Sol-RL on A100: Post-Training Diffusion Models at the Speed of Light

Sol-RL (Speed-of-light RL) is NVIDIA's framework for aligning text-to-image diffusion models with human preferences — significantly faster and cheaper than standard approaches. The core idea: use NVFP4-quantized rollouts to cheaply explore a massive candidate pool, then train exclusively on the best samples regenerated at full BF16 precision. The result is up to 4.64× faster convergence with essentially no quality loss, verified across SANA, FLUX.1, and SD3.5-L. This tutorial walks through the paper, the key ideas, and how to run Sol-RL post-training on a Yotta Labs multi-GPU Pod.
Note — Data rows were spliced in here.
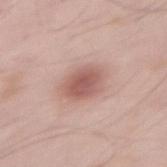The lesion-visualizer software estimated a classifier nevus-likeness of about 90/100 and a lesion-detection confidence of about 100/100.
Imaged with white-light lighting.
The lesion is located on the abdomen.
About 4 mm across.
The patient is a male in their mid- to late 50s.
A lesion tile, about 15 mm wide, cut from a 3D total-body photograph.
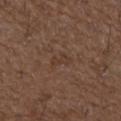Assessment: No biopsy was performed on this lesion — it was imaged during a full skin examination and was not determined to be concerning. Background: Measured at roughly 2.5 mm in maximum diameter. The patient is a male about 50 years old. Imaged with white-light lighting. Cropped from a whole-body photographic skin survey; the tile spans about 15 mm. On the left forearm.
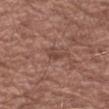subject: male, in their mid-60s
anatomic site: the left forearm
size: about 2.5 mm
image source: ~15 mm crop, total-body skin-cancer survey
TBP lesion metrics: an automated nevus-likeness rating near 0 out of 100
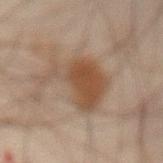biopsy_status: not biopsied; imaged during a skin examination
image:
  source: total-body photography crop
  field_of_view_mm: 15
site: abdomen
lighting: cross-polarized
lesion_size:
  long_diameter_mm_approx: 7.0
patient:
  sex: male
  age_approx: 45
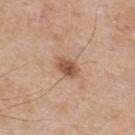The lesion was tiled from a total-body skin photograph and was not biopsied.
A lesion tile, about 15 mm wide, cut from a 3D total-body photograph.
On the back.
A male patient approximately 55 years of age.
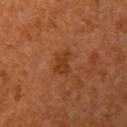Q: Was a biopsy performed?
A: catalogued during a skin exam; not biopsied
Q: Automated lesion metrics?
A: an area of roughly 4 mm², a shape eccentricity near 0.8, and two-axis asymmetry of about 0.45; a lesion color around L≈29 a*≈21 b*≈31 in CIELAB; a classifier nevus-likeness of about 0/100
Q: Lesion size?
A: ~2.5 mm (longest diameter)
Q: How was the tile lit?
A: cross-polarized
Q: Who is the patient?
A: female, roughly 50 years of age
Q: What is the anatomic site?
A: the left upper arm
Q: What is the imaging modality?
A: 15 mm crop, total-body photography
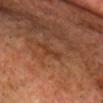biopsy status=catalogued during a skin exam; not biopsied
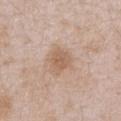{
  "biopsy_status": "not biopsied; imaged during a skin examination",
  "lesion_size": {
    "long_diameter_mm_approx": 3.5
  },
  "site": "front of the torso",
  "patient": {
    "sex": "male",
    "age_approx": 50
  },
  "lighting": "white-light",
  "image": {
    "source": "total-body photography crop",
    "field_of_view_mm": 15
  },
  "automated_metrics": {
    "cielab_L": 59,
    "cielab_a": 17,
    "cielab_b": 30,
    "vs_skin_darker_L": 9.0,
    "vs_skin_contrast_norm": 6.5,
    "border_irregularity_0_10": 2.5,
    "nevus_likeness_0_100": 25,
    "lesion_detection_confidence_0_100": 100
  }
}
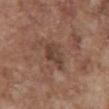Recorded during total-body skin imaging; not selected for excision or biopsy.
The lesion's longest dimension is about 3.5 mm.
This image is a 15 mm lesion crop taken from a total-body photograph.
The lesion is located on the chest.
A male patient aged 73–77.
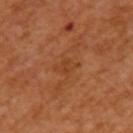follow-up = total-body-photography surveillance lesion; no biopsy
automated lesion analysis = an area of roughly 3.5 mm², an eccentricity of roughly 0.75, and two-axis asymmetry of about 0.2; a lesion color around L≈43 a*≈26 b*≈38 in CIELAB; internal color variation of about 1.5 on a 0–10 scale and radial color variation of about 0.5; a nevus-likeness score of about 0/100 and a detector confidence of about 100 out of 100 that the crop contains a lesion
acquisition = ~15 mm crop, total-body skin-cancer survey
patient = female, aged 53 to 57
anatomic site = the left upper arm
lighting = cross-polarized
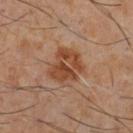Recorded during total-body skin imaging; not selected for excision or biopsy. The lesion is located on the chest. A male subject, aged around 60. A close-up tile cropped from a whole-body skin photograph, about 15 mm across.
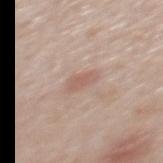No biopsy was performed on this lesion — it was imaged during a full skin examination and was not determined to be concerning. This is a white-light tile. A region of skin cropped from a whole-body photographic capture, roughly 15 mm wide. Automated image analysis of the tile measured roughly 8 lightness units darker than nearby skin and a lesion-to-skin contrast of about 5.5 (normalized; higher = more distinct). The software also gave a border-irregularity rating of about 2.5/10, internal color variation of about 1.5 on a 0–10 scale, and radial color variation of about 0.5. A male patient, aged 38 to 42. The lesion is on the back.
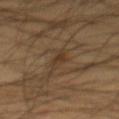Imaged during a routine full-body skin examination; the lesion was not biopsied and no histopathology is available.
Longest diameter approximately 4 mm.
A male subject, aged 58–62.
A roughly 15 mm field-of-view crop from a total-body skin photograph.
Imaged with cross-polarized lighting.
On the abdomen.
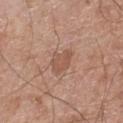notes = no biopsy performed (imaged during a skin exam)
subject = male, aged 58 to 62
anatomic site = the right lower leg
illumination = white-light
image source = ~15 mm crop, total-body skin-cancer survey
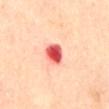Assessment:
Captured during whole-body skin photography for melanoma surveillance; the lesion was not biopsied.
Context:
Cropped from a whole-body photographic skin survey; the tile spans about 15 mm. On the abdomen. A male subject aged 83 or older. The total-body-photography lesion software estimated a lesion area of about 6 mm² and a shape eccentricity near 0.65. It also reported a normalized border contrast of about 12. It also reported a peripheral color-asymmetry measure near 1.5. The analysis additionally found a nevus-likeness score of about 0/100. The recorded lesion diameter is about 3 mm. Imaged with cross-polarized lighting.
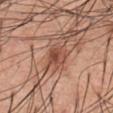workup: no biopsy performed (imaged during a skin exam) | size: ~2.5 mm (longest diameter) | site: the abdomen | subject: male, roughly 55 years of age | tile lighting: white-light illumination | acquisition: ~15 mm tile from a whole-body skin photo.
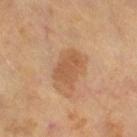| field | value |
|---|---|
| notes | no biopsy performed (imaged during a skin exam) |
| location | the left leg |
| lesion diameter | about 4 mm |
| subject | male, aged 63 to 67 |
| imaging modality | total-body-photography crop, ~15 mm field of view |
| lighting | cross-polarized illumination |
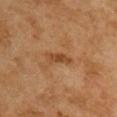Assessment:
Captured during whole-body skin photography for melanoma surveillance; the lesion was not biopsied.
Clinical summary:
The tile uses cross-polarized illumination. The recorded lesion diameter is about 3.5 mm. From the upper back. The subject is a female aged 58–62. Cropped from a whole-body photographic skin survey; the tile spans about 15 mm.
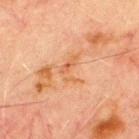follow-up: imaged on a skin check; not biopsied | acquisition: 15 mm crop, total-body photography | body site: the chest | patient: male, aged around 70.
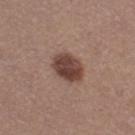Q: Is there a histopathology result?
A: no biopsy performed (imaged during a skin exam)
Q: Illumination type?
A: white-light illumination
Q: Patient demographics?
A: female, aged around 35
Q: What kind of image is this?
A: 15 mm crop, total-body photography
Q: Lesion size?
A: ~4 mm (longest diameter)
Q: Lesion location?
A: the right thigh
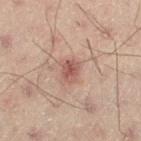Clinical impression:
The lesion was tiled from a total-body skin photograph and was not biopsied.
Background:
Imaged with cross-polarized lighting. The patient is a male aged 48 to 52. About 2.5 mm across. The lesion is on the leg. A lesion tile, about 15 mm wide, cut from a 3D total-body photograph.
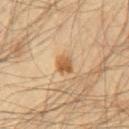Part of a total-body skin-imaging series; this lesion was reviewed on a skin check and was not flagged for biopsy. The subject is a male in their mid-50s. From the chest. The lesion-visualizer software estimated a lesion area of about 3.5 mm² and a shape-asymmetry score of about 0.2 (0 = symmetric). The software also gave a mean CIELAB color near L≈55 a*≈19 b*≈38 and a normalized border contrast of about 8.5. A 15 mm close-up extracted from a 3D total-body photography capture.
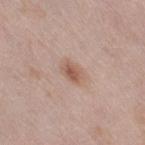Q: Is there a histopathology result?
A: imaged on a skin check; not biopsied
Q: Where on the body is the lesion?
A: the right thigh
Q: How large is the lesion?
A: ≈3 mm
Q: How was this image acquired?
A: ~15 mm tile from a whole-body skin photo
Q: What are the patient's age and sex?
A: female, aged 38 to 42
Q: What lighting was used for the tile?
A: white-light illumination
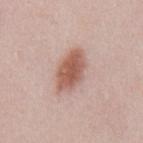Clinical impression: The lesion was tiled from a total-body skin photograph and was not biopsied. Background: Imaged with white-light lighting. Cropped from a total-body skin-imaging series; the visible field is about 15 mm. Located on the back. A male patient, in their mid-20s. Longest diameter approximately 5.5 mm.
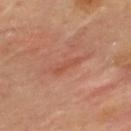workup: total-body-photography surveillance lesion; no biopsy
body site: the back
image: ~15 mm crop, total-body skin-cancer survey
lesion size: ~4 mm (longest diameter)
automated lesion analysis: a footprint of about 4 mm², a shape eccentricity near 0.95, and two-axis asymmetry of about 0.35; border irregularity of about 4.5 on a 0–10 scale, internal color variation of about 0.5 on a 0–10 scale, and a peripheral color-asymmetry measure near 0
subject: female, in their mid-30s
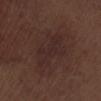workup: no biopsy performed (imaged during a skin exam); site: the left lower leg; tile lighting: white-light; subject: male, about 70 years old; image source: ~15 mm crop, total-body skin-cancer survey.
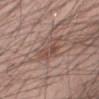No biopsy was performed on this lesion — it was imaged during a full skin examination and was not determined to be concerning. An algorithmic analysis of the crop reported an area of roughly 8 mm², a shape eccentricity near 0.9, and a symmetry-axis asymmetry near 0.4. The analysis additionally found a mean CIELAB color near L≈49 a*≈18 b*≈24, about 8 CIELAB-L* units darker than the surrounding skin, and a normalized lesion–skin contrast near 6. A 15 mm close-up tile from a total-body photography series done for melanoma screening. The subject is a male about 60 years old. Approximately 5 mm at its widest. The tile uses white-light illumination. The lesion is on the mid back.
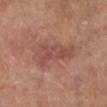Part of a total-body skin-imaging series; this lesion was reviewed on a skin check and was not flagged for biopsy. Captured under cross-polarized illumination. A 15 mm close-up extracted from a 3D total-body photography capture. A female patient aged 73–77. Located on the left lower leg.
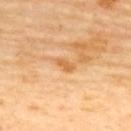  biopsy_status: not biopsied; imaged during a skin examination
  site: upper back
  lighting: cross-polarized
  automated_metrics:
    area_mm2_approx: 3.0
    eccentricity: 0.85
    cielab_L: 66
    cielab_a: 24
    cielab_b: 45
    vs_skin_darker_L: 10.0
    vs_skin_contrast_norm: 6.5
    border_irregularity_0_10: 3.0
    color_variation_0_10: 0.5
  image:
    source: total-body photography crop
    field_of_view_mm: 15
  lesion_size:
    long_diameter_mm_approx: 2.5
  patient:
    sex: female
    age_approx: 60
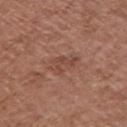Part of a total-body skin-imaging series; this lesion was reviewed on a skin check and was not flagged for biopsy. A lesion tile, about 15 mm wide, cut from a 3D total-body photograph. A female patient aged 73 to 77. From the chest.
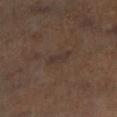Recorded during total-body skin imaging; not selected for excision or biopsy.
A male subject, aged around 60.
The total-body-photography lesion software estimated a border-irregularity rating of about 3.5/10 and a peripheral color-asymmetry measure near 0.5.
A roughly 15 mm field-of-view crop from a total-body skin photograph.
Longest diameter approximately 3 mm.
The lesion is located on the right lower leg.
Imaged with cross-polarized lighting.
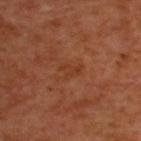Findings:
- biopsy status: no biopsy performed (imaged during a skin exam)
- imaging modality: ~15 mm tile from a whole-body skin photo
- site: the upper back
- subject: male, approximately 50 years of age
- lesion diameter: ~2.5 mm (longest diameter)
- tile lighting: cross-polarized illumination
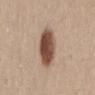No biopsy was performed on this lesion — it was imaged during a full skin examination and was not determined to be concerning. A close-up tile cropped from a whole-body skin photograph, about 15 mm across. The lesion is located on the mid back. The total-body-photography lesion software estimated a footprint of about 14 mm² and an outline eccentricity of about 0.75 (0 = round, 1 = elongated). The software also gave a mean CIELAB color near L≈49 a*≈18 b*≈27, a lesion–skin lightness drop of about 18, and a lesion-to-skin contrast of about 12 (normalized; higher = more distinct). It also reported a classifier nevus-likeness of about 100/100 and a lesion-detection confidence of about 100/100. A female patient, in their 30s.
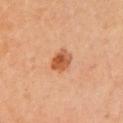Q: Was a biopsy performed?
A: total-body-photography surveillance lesion; no biopsy
Q: Automated lesion metrics?
A: border irregularity of about 1.5 on a 0–10 scale, a within-lesion color-variation index near 5.5/10, and a peripheral color-asymmetry measure near 1.5
Q: How was this image acquired?
A: ~15 mm crop, total-body skin-cancer survey
Q: What is the anatomic site?
A: the left upper arm
Q: Who is the patient?
A: female, aged approximately 35
Q: How was the tile lit?
A: cross-polarized
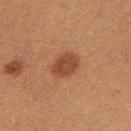Assessment: The lesion was photographed on a routine skin check and not biopsied; there is no pathology result. Clinical summary: Longest diameter approximately 3.5 mm. A female subject, aged 23–27. A lesion tile, about 15 mm wide, cut from a 3D total-body photograph. The total-body-photography lesion software estimated a footprint of about 7.5 mm², an outline eccentricity of about 0.7 (0 = round, 1 = elongated), and a shape-asymmetry score of about 0.2 (0 = symmetric). The analysis additionally found a border-irregularity rating of about 2/10, a within-lesion color-variation index near 2.5/10, and radial color variation of about 1. The analysis additionally found a classifier nevus-likeness of about 95/100 and lesion-presence confidence of about 100/100. The lesion is located on the arm. The tile uses white-light illumination.
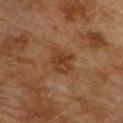Clinical impression: Recorded during total-body skin imaging; not selected for excision or biopsy. Acquisition and patient details: Imaged with cross-polarized lighting. A close-up tile cropped from a whole-body skin photograph, about 15 mm across. The lesion is on the front of the torso. Measured at roughly 3 mm in maximum diameter. A male subject aged around 75.
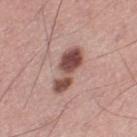The lesion was tiled from a total-body skin photograph and was not biopsied.
Measured at roughly 5.5 mm in maximum diameter.
A male patient, in their 60s.
The lesion is located on the left thigh.
An algorithmic analysis of the crop reported a lesion area of about 11 mm², an outline eccentricity of about 0.9 (0 = round, 1 = elongated), and a symmetry-axis asymmetry near 0.35. The software also gave border irregularity of about 4.5 on a 0–10 scale, a color-variation rating of about 5/10, and radial color variation of about 1.5. The software also gave an automated nevus-likeness rating near 80 out of 100.
Cropped from a total-body skin-imaging series; the visible field is about 15 mm.
This is a white-light tile.
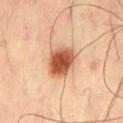acquisition = total-body-photography crop, ~15 mm field of view | lighting = cross-polarized | location = the left thigh | lesion diameter = about 4.5 mm.
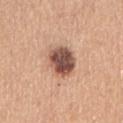  biopsy_status: not biopsied; imaged during a skin examination
  site: arm
  patient:
    sex: female
    age_approx: 65
  lighting: white-light
  image:
    source: total-body photography crop
    field_of_view_mm: 15
  automated_metrics:
    eccentricity: 0.4
    shape_asymmetry: 0.15
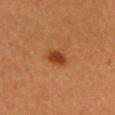Image and clinical context:
The lesion's longest dimension is about 3 mm. The subject is a female aged 28–32. From the front of the torso. Imaged with cross-polarized lighting. A 15 mm close-up tile from a total-body photography series done for melanoma screening.
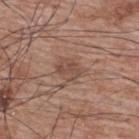follow-up: catalogued during a skin exam; not biopsied
image source: 15 mm crop, total-body photography
site: the upper back
TBP lesion metrics: a footprint of about 4.5 mm², a shape eccentricity near 0.7, and a symmetry-axis asymmetry near 0.3; an average lesion color of about L≈48 a*≈19 b*≈26 (CIELAB), a lesion–skin lightness drop of about 8, and a lesion-to-skin contrast of about 6 (normalized; higher = more distinct)
patient: male, aged 68 to 72
lesion size: ~3 mm (longest diameter)
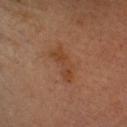The lesion was photographed on a routine skin check and not biopsied; there is no pathology result.
Cropped from a total-body skin-imaging series; the visible field is about 15 mm.
From the head or neck.
A female patient, roughly 30 years of age.
An algorithmic analysis of the crop reported an eccentricity of roughly 0.9 and two-axis asymmetry of about 0.4. The software also gave about 6 CIELAB-L* units darker than the surrounding skin.
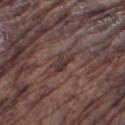Case summary:
* subject — male, about 75 years old
* image — total-body-photography crop, ~15 mm field of view
* lesion diameter — about 3 mm
* illumination — white-light
* anatomic site — the leg
* automated metrics — a footprint of about 3.5 mm², a shape eccentricity near 0.85, and a shape-asymmetry score of about 0.45 (0 = symmetric); an average lesion color of about L≈33 a*≈17 b*≈17 (CIELAB) and a lesion–skin lightness drop of about 8

RL-based post-training for diffusion models has been picking up serious momentum lately. The basic premise borrows from what made GRPO so effective for LLMs: generate a group of candidate outputs, score them with a reward model, and use the relative advantage between high- and low-reward samples to update the policy. Translated to image generation, this means: for each prompt, sample a batch of images, evaluate them against a human preference signal (ImageReward, CLIPScore, PickScore, HPSv2, etc.), and optimize the diffusion model to produce more of the high-reward kind.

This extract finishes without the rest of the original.